John Sparkes Goldsmith was instrumental in the formation of the Guildford Diocesan Guild in 1927, as well as being the proprietor of The Ringing World, which he founded in March 1911.
A member of a long-established family of Southover, Lewes, John Sparkes Goldsmith was born there on 13 January 1878. His grandfather and father successively held the office of parish clerk, and when his father died during Goldsmith’s early boyhood, his mother took over the position. She employed her son to toll the bells for deaths and funerals, and it is recorded that, at the age of 10, he was given special permission for release from Southover Day School for a quarter of an hour on saints’ days to chime the bell for the 11 o’clock service. When he began to learn change ringing he took to it with enthusiasm. The band at Southover was capable of ringing Grandsire Triples, and this was the method for his first peal in 1893 aged 15. He rang three more peals that year, while in the following year he rang in a peal of Stedman Triples, and conducted his first peal.
Progress in ringing
With assistance from the nearby Brighton band, Goldsmith made good progress in ringing and conducting. In 1896 he rang three peals of Superlative Surprise Major, and in 1897 his first of Major as conductor. That year also saw peals of Stedman Caters and Cambridge and London Surprise Major, as well as his 50th peal. Only two years later his 100th peal was scored – London Surprise Major at Arundel. After this, other activities intervened, and although he remained a keen peal ringer, he never rang peals at such a rate again. However, when opportunity occurred he went on peal tours, and on one such tour to Ireland in 1901 he conducted a peal of Superlative at Bray, the first in a Surprise method outside England.
Experience in newspapers
When Goldsmith left school he was apprenticed to his uncle, who owned the East Sussex News. He learned all aspects of producing and printing a newspaper, and developed skills as a reporter. In 1902 he married and shortly after left Lewes to take up an appointment at Woking. In 1903 he took charge of the editorial work of The Woking News and Mail, and soon became manager.
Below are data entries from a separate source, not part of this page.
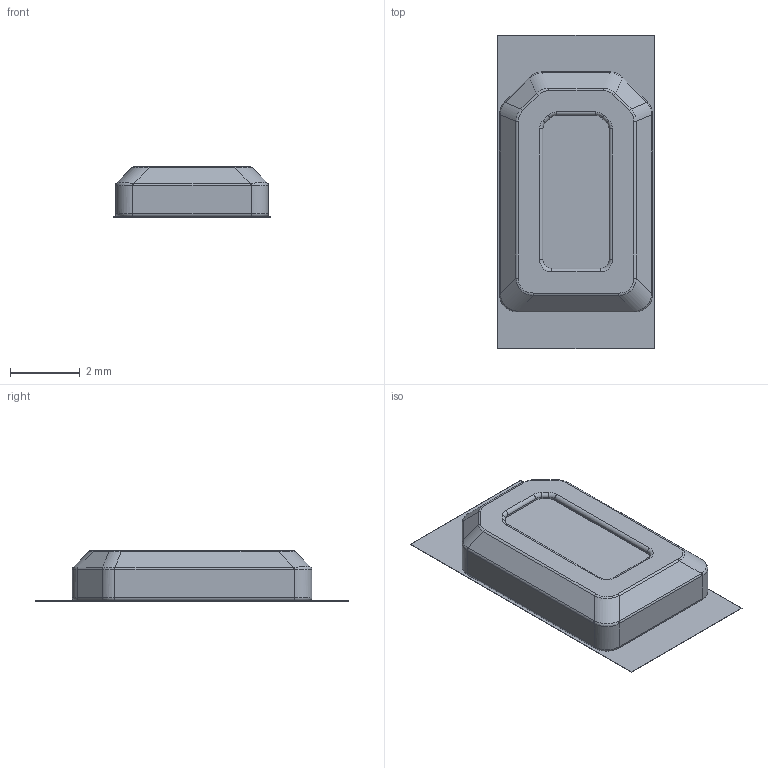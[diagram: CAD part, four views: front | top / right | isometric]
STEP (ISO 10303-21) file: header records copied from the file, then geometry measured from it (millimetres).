
FILE_DESCRIPTION(/* description */ ('','CAx-IF Rec.Pracs.---Representation and Presentation of Product Manufacturing Information (PMI)---4.0---2014-10-13'),/* implementation_level */ '2;1');
FILE_NAME(/* name */ 'MV-2_Embedded_Microvalve_2025_02_20.step',/* time_stamp */ '2025-02-20T17:21:31-05:00',/* author */ (''),/* organization */ (''),/* preprocessor_version */ 'ST-DEVELOPER v20',/* originating_system */ 'Autodesk Translation Framework v13.20.0.188',/* authorisation */ '');
FILE_SCHEMA (('AP242_MANAGED_MODEL_BASED_3D_ENGINEERING_MIM_LF { 1 0 10303 442 1 1 4 }'));
Length unit declared in the file: millimetre
Products named in the file (3): P046-0001 LP Diaphragm REVI; MV-2 Valve; Safe area
Assembly tree (2 placements, depth 2):
  P046-0001 LP Diaphragm REVI
    MV-2 Valve
    Safe area
Bounding box: 4.5 x 9 x 1.45 mm (x, y, z)
Volume: 38.6 mm3; surface area: 111.7 mm2
Topology: 2 solids, 2 shells, 237 faces, 594 edges, 376 vertices
Faces by surface type: plane 101, bspline 73, cylinder 51, torus 12
Full cylindrical faces by diameter (mm): 0.4 x3
Entity records: 7997 total; most frequent: CARTESIAN_POINT 2529, ORIENTED_EDGE 1188, DIRECTION 982, EDGE_CURVE 594, VERTEX_POINT 376, LINE 340, VECTOR 340, AXIS2_PLACEMENT_3D 321

Foundation of The Ringing World
At Woking there were only limited opportunities for ringing, and in the next few years he rang few peals, for lack of opportunity and because he was planning to start The Ringing World. As a journalist, it was clear to him that the old Bell News was not serving the needs of ringers and that there was a need for a new, brighter paper. Early in 1911 he circularised many towers, giving information about his proposed new paper and asking for information on the number of ringers who would be likely to take the new paper. Evidently the response was encouraging, as the first issue of The Ringing World appeared on 24 March 1911.
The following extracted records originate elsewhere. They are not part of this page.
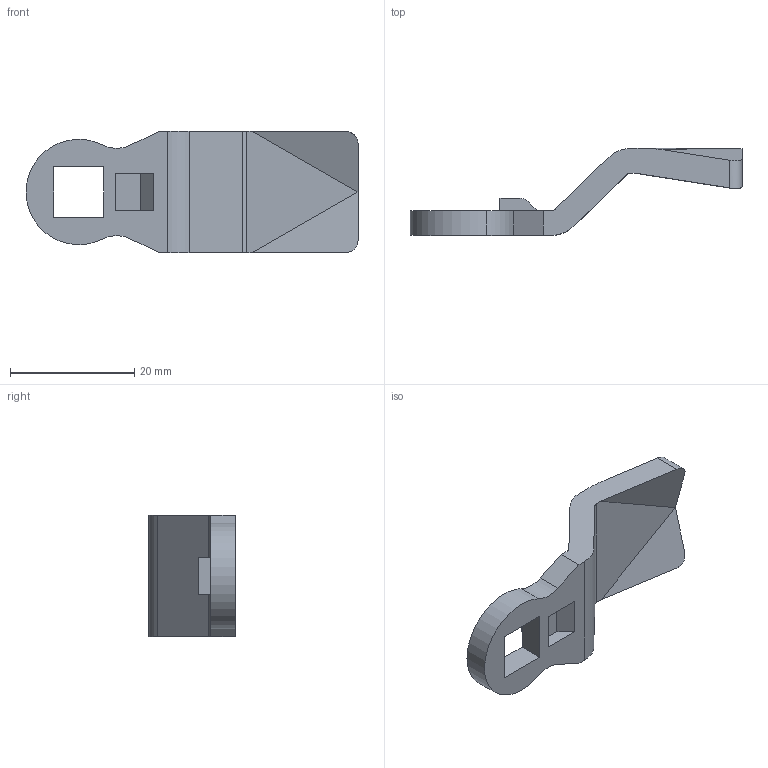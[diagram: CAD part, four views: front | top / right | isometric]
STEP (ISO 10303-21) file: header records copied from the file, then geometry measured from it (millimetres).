
FILE_DESCRIPTION( ( 'STEP AP214' ), '1' );
FILE_NAME( 'K1114.145X0800.stp', '2020-12-10T10:00:40', ( '' ), ( '' ), ' ', 'PARTsolutions', ' ' );
FILE_SCHEMA( ( 'AUTOMOTIVE_DESIGN { 1 0 10303 214 1 1 1 1 }' ) );
Length unit declared in the file: millimetre
Products named in the file (2): K1114.145X0800; _K1114.145X080
Assembly tree (1 placements, depth 2):
  K1114.145X0800
    _K1114.145X080
Bounding box: 53.5 x 14 x 19.5 mm (x, y, z)
Volume: 3873.5 mm3; surface area: 2718.2 mm2
Topology: 1 solids, 1 shells, 41 faces, 110 edges, 73 vertices
Faces by surface type: plane 29, cylinder 12
Entity records: 1650 total; most frequent: CARTESIAN_POINT 226, DIRECTION 220, ORIENTED_EDGE 220, EDGE_CURVE 110, LINE 86, VECTOR 86, VERTEX_POINT 73, AXIS2_PLACEMENT_3D 67

The paper was an immediate success, with peals being reported promptly and with up-to-date information, and had got itself on a sound financial footing by the start of the First World War. However, a sharp rise in costs and shortage of materials and labour, caused by the war, brought on a crisis in the affairs of the paper. This was an anxious time, and the paper only survived because Goldsmith took on other work, giving lessons in shorthand and typing, and then holding a position in the Woking Food Office. After the war he worked for a time for the Commissioners of the Inland Revenue.
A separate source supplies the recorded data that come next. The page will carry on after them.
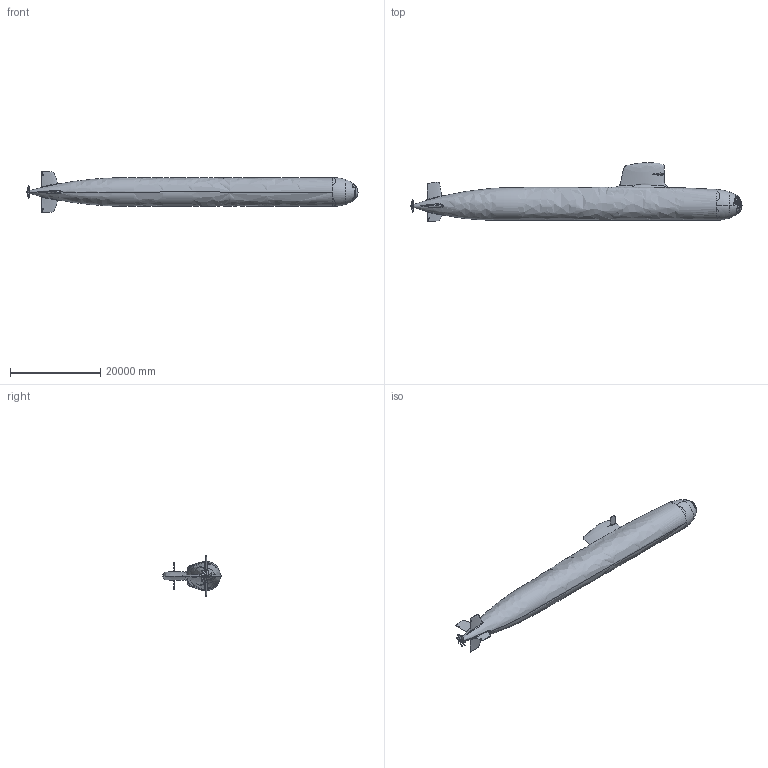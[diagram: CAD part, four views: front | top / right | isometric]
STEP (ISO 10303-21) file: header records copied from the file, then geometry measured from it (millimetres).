
FILE_DESCRIPTION(('FreeCAD Model'),'2;1');
FILE_NAME('Open CASCADE Shape Model','2025-05-05T06:00:04',('FreeCAD'),( 'FreeCAD'),'Open CASCADE STEP processor 7.6','FreeCAD','Unknown');
FILE_SCHEMA(('AUTOMOTIVE_DESIGN { 1 0 10303 214 1 1 1 1 }'));
Products named in the file (1): Open CASCADE STEP translator 7.6 1
Bounding box: 73423.58 x 12932.65 x 9134.97 mm (x, y, z)
Volume: 2332017294548.7 mm3; surface area: 1608178544.5 mm2
Topology: 2 solids, 2 shells, 175 faces, 931 edges, 790 vertices
Faces by surface type: bspline 175
Entity records: 643204 total; most frequent: CARTESIAN_POINT 638071, ORIENTED_EDGE 1780, EDGE_CURVE 890, B_SPLINE_CURVE_WITH_KNOTS 842, VERTEX_POINT 790, FACE_BOUND 246, EDGE_LOOP 246, ADVANCED_FACE 175

One difference to Bell News was Goldsmith’s use of editorials commenting on matters of interest and trying to mould opinion. Until September 1934 these weekly editorials were written entirely by Goldsmith, but in that month he went on the tour of Australia, being away for four months. During that time he sent back regular reports on the tour and these were subsequently published, with additions, in a book entitled A Great Adventure. The first edition of 1,000 copies sold out very quickly, necessitating a reprint. With his return to England, Goldsmith took up the leader writing again, and there was no break until February 1941, when he was taken ill, which caused another four month break before he resumed. His final leader of the series was published in the issue of 26 December 1941, although he wrote two more in February 1942.
His ringing career
Goldsmith’s achievement in founding and running The Ringing World tends to obscure the fact that he was one of the leading ringers of the day, despite being away from the main centres of ringing, and he rang in a number of notable performances. In 1924 a Cumberland band, including Goldsmith, rang a peal of Stedman Caters at the Imperial Institute in London. In 1927 he took part in the first performance of Law James’ composition of four-spliced Surprise Major at Warnham in Sussex. He also took part in the first 12 bell peal in more than one method (spliced Cambridge and Superlative). In the 1930’s he took part in the first peals in several surprise major methods. His last tower bell peal was Stedman Caters at Great St Mary, Cambridge just before the Second World War, and his last handbell peal was of Bob Major in the crypt of St Martin’s in the Fields in honour of the 80th birthday of W. H. Fussell. His final total was 463, not large but containing many notable peals.
Although little of Goldsmith’s ringing was done in the area in which he lived, he was a major supporter of the Guildford Diocesan Guild from its foundation in 1927, coinciding with the formation of the new Diocese. He was a member of the Organising Committee which canvassed membership of the new Guild, drafted the Guild rules, and organised a preliminary meeting in May 1927 which approved the formation of the new Guild. He subsequently acted as Secretary for 10 years from 1928 to 1938.
When the Second World War broke out Goldsmith was put in charge of the Woking Food Office, a full time job. As a consequence he had to edit The Ringing World by deputy, although still continuing to write articles and make up the paper. He was taken ill in February 1941 and had to have a serious operation, which was successful although his recovery was slow. After making an excellent speech at the College Youths’ luncheon in November 1941 he became ill again. Although he returned to his work at the Food Office he was not the same and had to resign. Another operation was unsuccessful and he died on 1 June 1942. He was buried in the churchyard of the tiny 12th century church of St Nicholas, Pyrford, near Woking, Surrey, beside his wife who had died in 1938. Despite the war time conditions many ringers travelled long distances to be present, and those who could not do so sent floral tributes.
The church contains just one bell, which most unusually can be chimed by one or both of two ropes hanging down at the back of the church. Consequently, the church is not well known to ringers, but it was very appropriate that a small gathering of ringers met at Pyrford on Saturday 24th September 2011 to honour the memory of John Goldsmith during the centenary year of The Ringing World. Representatives of The Ringing World, the Guildford Diocesan Guild, of which JSG was the first Secretary, the Sussex County Association and Southover tower, and St Peter’s, Old Woking, where he rang regularly from 1903, and the Society of Royal Cumberland Youths, of which he was a member, together with several of JSG’s descendants were also present.
Lady Chapel Memorial Bell
The Guildford Guild also donated a memorial bell to Goldsmith in 1947, for the new Cathedral being built on Stag Hill. This now hangs as a sacring bell in a small turret over the Lady Chapel of the Cathedral.
In 2021, the Guild paid for its fittings to be renovated so that the bell can continue in regular use.